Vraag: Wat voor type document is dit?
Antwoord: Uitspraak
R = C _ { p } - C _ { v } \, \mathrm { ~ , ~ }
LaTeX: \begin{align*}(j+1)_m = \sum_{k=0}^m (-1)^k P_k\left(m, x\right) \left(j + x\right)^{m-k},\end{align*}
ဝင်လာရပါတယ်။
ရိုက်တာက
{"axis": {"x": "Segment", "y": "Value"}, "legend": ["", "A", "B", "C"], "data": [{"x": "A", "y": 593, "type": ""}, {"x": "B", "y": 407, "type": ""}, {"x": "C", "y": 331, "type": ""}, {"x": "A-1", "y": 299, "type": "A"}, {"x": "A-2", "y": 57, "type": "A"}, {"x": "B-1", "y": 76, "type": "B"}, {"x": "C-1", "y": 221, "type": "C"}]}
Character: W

==

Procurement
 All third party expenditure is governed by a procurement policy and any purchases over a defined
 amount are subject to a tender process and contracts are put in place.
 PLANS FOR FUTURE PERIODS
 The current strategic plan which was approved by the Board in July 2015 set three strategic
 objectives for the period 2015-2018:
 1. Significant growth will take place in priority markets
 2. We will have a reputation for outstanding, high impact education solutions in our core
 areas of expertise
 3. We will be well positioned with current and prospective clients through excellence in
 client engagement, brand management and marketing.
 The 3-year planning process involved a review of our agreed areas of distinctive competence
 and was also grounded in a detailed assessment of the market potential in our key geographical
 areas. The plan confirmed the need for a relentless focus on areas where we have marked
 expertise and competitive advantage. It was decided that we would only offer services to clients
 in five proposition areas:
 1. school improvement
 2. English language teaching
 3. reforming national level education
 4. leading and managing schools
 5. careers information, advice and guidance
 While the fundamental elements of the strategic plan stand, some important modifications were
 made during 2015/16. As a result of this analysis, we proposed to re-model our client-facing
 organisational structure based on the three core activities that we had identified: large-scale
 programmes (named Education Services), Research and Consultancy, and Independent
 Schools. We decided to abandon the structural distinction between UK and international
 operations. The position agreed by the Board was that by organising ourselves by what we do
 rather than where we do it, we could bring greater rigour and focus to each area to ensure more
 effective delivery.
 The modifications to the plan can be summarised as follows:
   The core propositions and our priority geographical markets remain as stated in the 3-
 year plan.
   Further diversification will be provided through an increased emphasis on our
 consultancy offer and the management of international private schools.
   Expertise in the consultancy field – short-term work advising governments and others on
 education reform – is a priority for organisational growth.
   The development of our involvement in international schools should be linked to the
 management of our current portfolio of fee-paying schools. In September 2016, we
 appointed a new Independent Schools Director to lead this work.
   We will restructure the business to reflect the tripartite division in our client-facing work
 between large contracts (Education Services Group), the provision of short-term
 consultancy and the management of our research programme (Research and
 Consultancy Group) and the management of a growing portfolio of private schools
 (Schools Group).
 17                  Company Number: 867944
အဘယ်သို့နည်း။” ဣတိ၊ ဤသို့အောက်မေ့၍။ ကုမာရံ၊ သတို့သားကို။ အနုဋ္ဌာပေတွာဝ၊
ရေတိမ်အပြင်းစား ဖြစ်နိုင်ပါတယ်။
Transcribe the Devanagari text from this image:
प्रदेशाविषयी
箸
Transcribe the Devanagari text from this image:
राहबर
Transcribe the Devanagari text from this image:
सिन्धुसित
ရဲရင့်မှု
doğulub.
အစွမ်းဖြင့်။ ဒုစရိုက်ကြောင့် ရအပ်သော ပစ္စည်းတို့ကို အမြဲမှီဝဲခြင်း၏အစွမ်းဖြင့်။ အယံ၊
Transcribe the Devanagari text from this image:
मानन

_Task details_:
The sole thing to report is how many lines in the data hold the string "year".

_Expected answer_:
2